> Task description:
Could you reproduce, word for word, everything below from the line containing "240 0 240 0 0 125 0 125 -605" down to the line containing "0 -120 -235 0 -235 0 0 120", with both of those lines included and no others?

START Supplied records

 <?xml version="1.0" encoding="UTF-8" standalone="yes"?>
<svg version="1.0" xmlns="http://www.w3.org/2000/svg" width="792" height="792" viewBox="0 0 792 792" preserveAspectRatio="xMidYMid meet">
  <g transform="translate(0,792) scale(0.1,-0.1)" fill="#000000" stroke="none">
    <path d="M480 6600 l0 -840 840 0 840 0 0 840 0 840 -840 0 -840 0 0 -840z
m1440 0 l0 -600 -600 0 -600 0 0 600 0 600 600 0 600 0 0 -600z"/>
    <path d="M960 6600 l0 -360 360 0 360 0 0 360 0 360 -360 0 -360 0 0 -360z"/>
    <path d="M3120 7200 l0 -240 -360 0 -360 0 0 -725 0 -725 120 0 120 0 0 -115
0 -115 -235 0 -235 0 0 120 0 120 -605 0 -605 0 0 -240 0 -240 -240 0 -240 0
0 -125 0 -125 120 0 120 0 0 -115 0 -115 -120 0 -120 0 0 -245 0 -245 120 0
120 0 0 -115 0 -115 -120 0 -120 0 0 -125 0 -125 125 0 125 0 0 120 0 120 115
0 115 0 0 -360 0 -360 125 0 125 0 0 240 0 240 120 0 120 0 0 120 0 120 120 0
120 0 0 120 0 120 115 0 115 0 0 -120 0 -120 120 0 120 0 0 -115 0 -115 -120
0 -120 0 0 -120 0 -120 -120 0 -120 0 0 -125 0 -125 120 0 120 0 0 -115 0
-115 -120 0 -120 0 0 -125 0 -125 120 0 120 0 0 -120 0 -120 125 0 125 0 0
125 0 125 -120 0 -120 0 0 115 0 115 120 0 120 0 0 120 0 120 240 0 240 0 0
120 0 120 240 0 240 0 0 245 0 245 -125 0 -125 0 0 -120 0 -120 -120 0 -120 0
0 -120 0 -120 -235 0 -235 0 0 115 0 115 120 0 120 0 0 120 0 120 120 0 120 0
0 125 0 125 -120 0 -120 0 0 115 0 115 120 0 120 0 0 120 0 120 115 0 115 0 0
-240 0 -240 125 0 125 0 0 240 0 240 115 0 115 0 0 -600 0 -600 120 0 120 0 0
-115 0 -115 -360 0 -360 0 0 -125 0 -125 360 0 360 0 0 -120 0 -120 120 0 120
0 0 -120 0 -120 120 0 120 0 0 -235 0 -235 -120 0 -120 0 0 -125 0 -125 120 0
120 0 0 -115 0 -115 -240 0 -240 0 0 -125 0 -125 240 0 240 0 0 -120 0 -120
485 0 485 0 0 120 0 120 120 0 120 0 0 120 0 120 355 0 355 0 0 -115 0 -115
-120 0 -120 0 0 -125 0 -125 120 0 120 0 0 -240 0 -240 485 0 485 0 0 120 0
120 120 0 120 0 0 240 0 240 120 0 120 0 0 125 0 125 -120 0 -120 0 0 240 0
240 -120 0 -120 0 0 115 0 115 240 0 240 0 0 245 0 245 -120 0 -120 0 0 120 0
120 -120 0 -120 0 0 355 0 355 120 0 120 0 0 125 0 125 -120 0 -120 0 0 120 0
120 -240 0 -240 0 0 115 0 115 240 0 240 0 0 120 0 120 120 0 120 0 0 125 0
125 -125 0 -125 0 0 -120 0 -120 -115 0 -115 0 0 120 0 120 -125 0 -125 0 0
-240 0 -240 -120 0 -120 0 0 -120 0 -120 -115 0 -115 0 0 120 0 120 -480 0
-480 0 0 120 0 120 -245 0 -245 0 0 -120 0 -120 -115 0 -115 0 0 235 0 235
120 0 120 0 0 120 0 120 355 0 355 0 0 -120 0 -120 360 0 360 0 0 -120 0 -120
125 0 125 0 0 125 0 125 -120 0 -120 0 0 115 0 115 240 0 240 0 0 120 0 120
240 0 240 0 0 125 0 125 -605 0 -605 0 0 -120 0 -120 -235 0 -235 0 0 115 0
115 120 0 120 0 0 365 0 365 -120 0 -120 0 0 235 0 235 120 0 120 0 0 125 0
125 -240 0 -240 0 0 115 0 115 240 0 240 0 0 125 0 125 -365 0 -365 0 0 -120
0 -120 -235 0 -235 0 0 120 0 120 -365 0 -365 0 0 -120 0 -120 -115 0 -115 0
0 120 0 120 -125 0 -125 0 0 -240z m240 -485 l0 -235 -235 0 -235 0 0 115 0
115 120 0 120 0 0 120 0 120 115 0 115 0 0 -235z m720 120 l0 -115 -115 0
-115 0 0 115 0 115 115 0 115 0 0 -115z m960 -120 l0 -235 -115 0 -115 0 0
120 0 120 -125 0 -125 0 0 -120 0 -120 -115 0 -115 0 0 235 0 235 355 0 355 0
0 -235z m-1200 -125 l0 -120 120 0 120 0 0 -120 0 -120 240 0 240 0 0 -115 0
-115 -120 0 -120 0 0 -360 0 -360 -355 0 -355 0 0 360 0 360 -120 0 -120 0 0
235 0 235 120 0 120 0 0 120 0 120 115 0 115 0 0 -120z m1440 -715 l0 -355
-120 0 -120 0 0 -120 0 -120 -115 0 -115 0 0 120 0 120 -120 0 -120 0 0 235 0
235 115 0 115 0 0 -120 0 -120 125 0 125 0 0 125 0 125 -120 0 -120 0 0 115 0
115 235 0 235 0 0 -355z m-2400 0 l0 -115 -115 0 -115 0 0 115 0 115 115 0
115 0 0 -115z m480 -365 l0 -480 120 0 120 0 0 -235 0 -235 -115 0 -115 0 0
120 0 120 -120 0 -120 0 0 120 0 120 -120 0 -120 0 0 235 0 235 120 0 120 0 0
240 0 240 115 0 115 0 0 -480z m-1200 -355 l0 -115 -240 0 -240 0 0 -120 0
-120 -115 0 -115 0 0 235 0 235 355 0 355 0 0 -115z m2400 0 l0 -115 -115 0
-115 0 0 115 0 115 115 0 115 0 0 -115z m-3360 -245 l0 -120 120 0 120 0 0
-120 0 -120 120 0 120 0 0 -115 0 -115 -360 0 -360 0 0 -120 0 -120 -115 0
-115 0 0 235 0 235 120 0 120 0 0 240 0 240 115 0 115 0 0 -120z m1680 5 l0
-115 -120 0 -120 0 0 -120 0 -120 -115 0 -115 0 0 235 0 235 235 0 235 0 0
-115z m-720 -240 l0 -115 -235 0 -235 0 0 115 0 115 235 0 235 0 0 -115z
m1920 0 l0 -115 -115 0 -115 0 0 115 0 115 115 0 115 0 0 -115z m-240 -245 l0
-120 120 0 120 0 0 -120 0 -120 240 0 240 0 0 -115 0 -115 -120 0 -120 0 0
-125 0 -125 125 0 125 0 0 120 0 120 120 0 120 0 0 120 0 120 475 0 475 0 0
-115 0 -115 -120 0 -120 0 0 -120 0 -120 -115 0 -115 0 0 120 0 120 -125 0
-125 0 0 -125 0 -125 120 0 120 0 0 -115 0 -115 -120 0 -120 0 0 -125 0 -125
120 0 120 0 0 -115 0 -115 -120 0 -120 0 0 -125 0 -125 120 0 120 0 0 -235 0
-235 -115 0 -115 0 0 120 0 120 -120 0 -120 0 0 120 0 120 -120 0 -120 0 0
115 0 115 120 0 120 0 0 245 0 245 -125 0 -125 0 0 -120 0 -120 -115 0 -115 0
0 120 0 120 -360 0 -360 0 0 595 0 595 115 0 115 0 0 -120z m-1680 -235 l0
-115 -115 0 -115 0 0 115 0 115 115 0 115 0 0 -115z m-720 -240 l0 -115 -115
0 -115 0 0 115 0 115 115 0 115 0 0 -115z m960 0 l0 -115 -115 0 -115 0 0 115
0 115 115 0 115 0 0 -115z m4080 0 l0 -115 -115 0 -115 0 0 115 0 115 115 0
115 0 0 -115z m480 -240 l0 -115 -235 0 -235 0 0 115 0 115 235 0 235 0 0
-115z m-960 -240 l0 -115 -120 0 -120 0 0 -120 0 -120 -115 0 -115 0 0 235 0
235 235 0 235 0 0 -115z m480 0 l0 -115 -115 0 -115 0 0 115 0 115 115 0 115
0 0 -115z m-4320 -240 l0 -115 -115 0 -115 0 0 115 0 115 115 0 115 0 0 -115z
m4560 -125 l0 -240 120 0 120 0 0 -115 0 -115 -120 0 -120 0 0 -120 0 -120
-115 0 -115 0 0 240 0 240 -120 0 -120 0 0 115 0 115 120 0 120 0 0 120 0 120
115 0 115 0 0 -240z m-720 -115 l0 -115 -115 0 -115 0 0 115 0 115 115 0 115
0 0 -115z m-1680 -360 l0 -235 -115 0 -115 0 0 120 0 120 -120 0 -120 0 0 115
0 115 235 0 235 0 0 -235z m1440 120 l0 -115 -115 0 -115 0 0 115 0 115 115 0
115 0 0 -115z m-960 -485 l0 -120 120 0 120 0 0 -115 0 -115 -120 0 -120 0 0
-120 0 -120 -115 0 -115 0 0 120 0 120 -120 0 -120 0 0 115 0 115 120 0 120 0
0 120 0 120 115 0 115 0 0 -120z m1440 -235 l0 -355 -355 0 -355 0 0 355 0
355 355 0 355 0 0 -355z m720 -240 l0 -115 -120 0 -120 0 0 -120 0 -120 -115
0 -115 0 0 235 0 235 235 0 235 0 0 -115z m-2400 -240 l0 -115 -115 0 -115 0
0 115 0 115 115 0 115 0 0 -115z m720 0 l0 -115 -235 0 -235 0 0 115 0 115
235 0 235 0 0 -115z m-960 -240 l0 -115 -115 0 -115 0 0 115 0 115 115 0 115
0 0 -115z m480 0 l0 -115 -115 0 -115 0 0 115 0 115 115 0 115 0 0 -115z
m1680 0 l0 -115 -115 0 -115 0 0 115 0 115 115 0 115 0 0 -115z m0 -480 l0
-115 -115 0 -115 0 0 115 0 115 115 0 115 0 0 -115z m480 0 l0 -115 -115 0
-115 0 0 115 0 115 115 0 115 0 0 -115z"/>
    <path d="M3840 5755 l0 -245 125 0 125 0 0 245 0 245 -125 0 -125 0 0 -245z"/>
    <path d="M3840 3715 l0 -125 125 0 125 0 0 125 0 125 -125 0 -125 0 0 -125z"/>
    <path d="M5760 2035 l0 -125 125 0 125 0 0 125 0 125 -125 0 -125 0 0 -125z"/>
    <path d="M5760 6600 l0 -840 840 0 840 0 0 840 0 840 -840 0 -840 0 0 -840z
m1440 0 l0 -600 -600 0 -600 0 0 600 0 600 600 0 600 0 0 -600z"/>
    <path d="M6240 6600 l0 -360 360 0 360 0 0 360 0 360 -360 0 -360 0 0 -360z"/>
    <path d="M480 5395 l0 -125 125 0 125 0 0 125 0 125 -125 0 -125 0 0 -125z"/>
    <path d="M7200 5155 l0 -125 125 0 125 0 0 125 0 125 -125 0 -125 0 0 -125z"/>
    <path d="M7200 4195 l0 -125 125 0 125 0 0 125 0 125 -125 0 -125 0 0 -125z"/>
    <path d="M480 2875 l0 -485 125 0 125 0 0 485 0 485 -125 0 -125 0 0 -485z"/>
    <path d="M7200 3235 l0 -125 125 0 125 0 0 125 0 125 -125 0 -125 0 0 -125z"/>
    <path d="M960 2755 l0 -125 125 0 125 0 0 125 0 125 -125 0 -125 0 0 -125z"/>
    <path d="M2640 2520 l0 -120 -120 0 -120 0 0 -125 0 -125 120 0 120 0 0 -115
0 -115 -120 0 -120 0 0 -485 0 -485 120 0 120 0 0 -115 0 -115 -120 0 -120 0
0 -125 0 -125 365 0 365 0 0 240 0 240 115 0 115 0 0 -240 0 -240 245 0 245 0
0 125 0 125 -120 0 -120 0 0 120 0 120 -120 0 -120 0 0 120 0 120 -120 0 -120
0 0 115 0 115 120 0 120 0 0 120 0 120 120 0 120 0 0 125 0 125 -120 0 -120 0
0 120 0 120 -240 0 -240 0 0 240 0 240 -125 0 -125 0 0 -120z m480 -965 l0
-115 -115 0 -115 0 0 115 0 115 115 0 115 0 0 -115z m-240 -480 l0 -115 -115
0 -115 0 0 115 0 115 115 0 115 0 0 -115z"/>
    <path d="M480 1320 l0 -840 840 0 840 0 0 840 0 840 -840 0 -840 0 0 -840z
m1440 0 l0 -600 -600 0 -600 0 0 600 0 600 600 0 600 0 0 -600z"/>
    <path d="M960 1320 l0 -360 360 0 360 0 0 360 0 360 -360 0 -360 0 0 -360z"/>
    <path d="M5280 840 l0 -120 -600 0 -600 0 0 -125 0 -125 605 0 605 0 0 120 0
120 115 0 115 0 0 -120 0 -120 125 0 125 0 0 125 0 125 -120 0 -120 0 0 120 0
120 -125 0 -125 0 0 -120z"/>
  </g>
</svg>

END Supplied records

> Response to the exercise:
240 0 240 0 0 125 0 125 -605 0 -605 0 0 -120 0 -120 -235 0 -235 0 0 115 0
115 120 0 120 0 0 365 0 365 -120 0 -120 0 0 235 0 235 120 0 120 0 0 125 0
125 -240 0 -240 0 0 115 0 115 240 0 240 0 0 125 0 125 -365 0 -365 0 0 -120
0 -120 -235 0 -235 0 0 120 0 120 -365 0 -365 0 0 -120 0 -120 -115 0 -115 0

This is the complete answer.